§ Collection entries:
○ ○ ○ ○

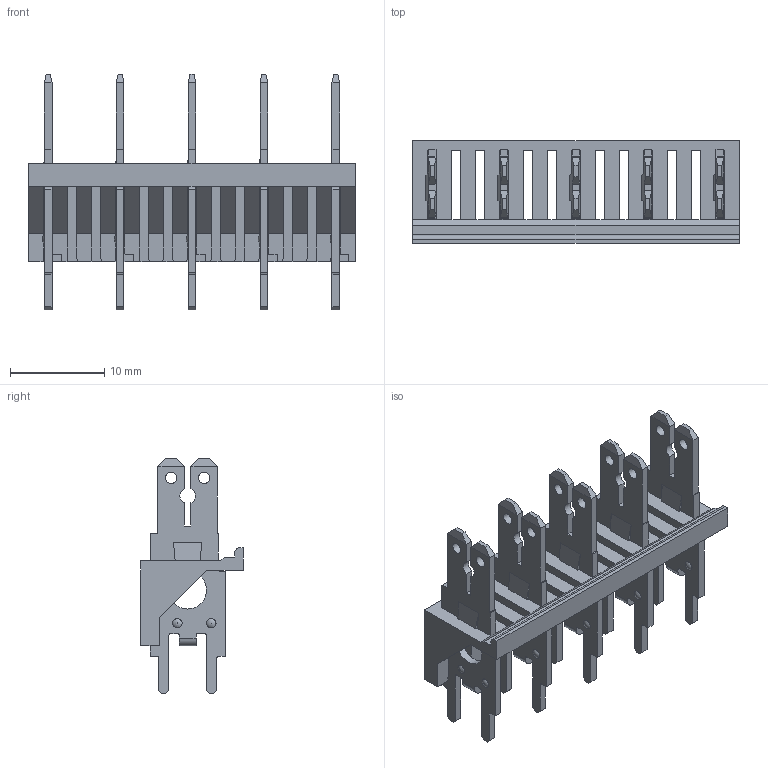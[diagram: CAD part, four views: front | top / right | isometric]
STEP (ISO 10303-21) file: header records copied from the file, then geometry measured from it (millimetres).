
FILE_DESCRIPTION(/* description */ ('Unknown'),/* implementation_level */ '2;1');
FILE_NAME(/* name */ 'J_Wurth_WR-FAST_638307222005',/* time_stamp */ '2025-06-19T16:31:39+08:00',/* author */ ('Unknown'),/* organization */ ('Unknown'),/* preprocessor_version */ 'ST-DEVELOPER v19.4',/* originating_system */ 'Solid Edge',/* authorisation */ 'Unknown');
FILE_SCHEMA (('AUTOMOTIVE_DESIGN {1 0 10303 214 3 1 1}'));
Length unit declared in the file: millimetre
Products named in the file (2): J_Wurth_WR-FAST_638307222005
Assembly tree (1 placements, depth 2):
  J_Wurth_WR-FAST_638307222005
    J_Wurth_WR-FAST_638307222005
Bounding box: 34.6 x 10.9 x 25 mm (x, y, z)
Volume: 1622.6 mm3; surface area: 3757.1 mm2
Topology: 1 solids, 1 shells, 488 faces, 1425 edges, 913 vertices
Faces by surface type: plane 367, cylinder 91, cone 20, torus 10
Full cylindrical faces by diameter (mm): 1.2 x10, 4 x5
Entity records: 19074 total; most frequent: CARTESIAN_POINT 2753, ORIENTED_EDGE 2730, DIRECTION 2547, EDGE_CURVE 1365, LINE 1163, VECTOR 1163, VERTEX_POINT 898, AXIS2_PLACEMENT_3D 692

○ ○ ○ ○

§ PROBLEM DESCRIPTION: Write the records above out again exactly, but not the pictures.

§ WRITTEN ANSWER:
[diagram: CAD part, four views: front | top / right | isometric]
STEP (ISO 10303-21) file: header records copied from the file, then geometry measured from it (millimetres).
FILE_DESCRIPTION(/* description */ ('Unknown'),/* implementation_level */ '2;1');
FILE_NAME(/* name */ 'J_Wurth_WR-FAST_638307222005',/* time_stamp */ '2025-06-19T16:31:39+08:00',/* author */ ('Unknown'),/* organization */ ('Unknown'),/* preprocessor_version */ 'ST-DEVELOPER v19.4',/* originating_system */ 'Solid Edge',/* authorisation */ 'Unknown');
FILE_SCHEMA (('AUTOMOTIVE_DESIGN {1 0 10303 214 3 1 1}'));
Length unit declared in the file: millimetre
Products named in the file (2): J_Wurth_WR-FAST_638307222005
Assembly tree (1 placements, depth 2):
  J_Wurth_WR-FAST_638307222005
    J_Wurth_WR-FAST_638307222005
Bounding box: 34.6 x 10.9 x 25 mm (x, y, z)
Volume: 1622.6 mm3; surface area: 3757.1 mm2
Topology: 1 solids, 1 shells, 488 faces, 1425 edges, 913 vertices
Faces by surface type: plane 367, cylinder 91, cone 20, torus 10
Full cylindrical faces by diameter (mm): 1.2 x10, 4 x5
Entity records: 19074 total; most frequent: CARTESIAN_POINT 2753, ORIENTED_EDGE 2730, DIRECTION 2547, EDGE_CURVE 1365, LINE 1163, VECTOR 1163, VERTEX_POINT 898, AXIS2_PLACEMENT_3D 692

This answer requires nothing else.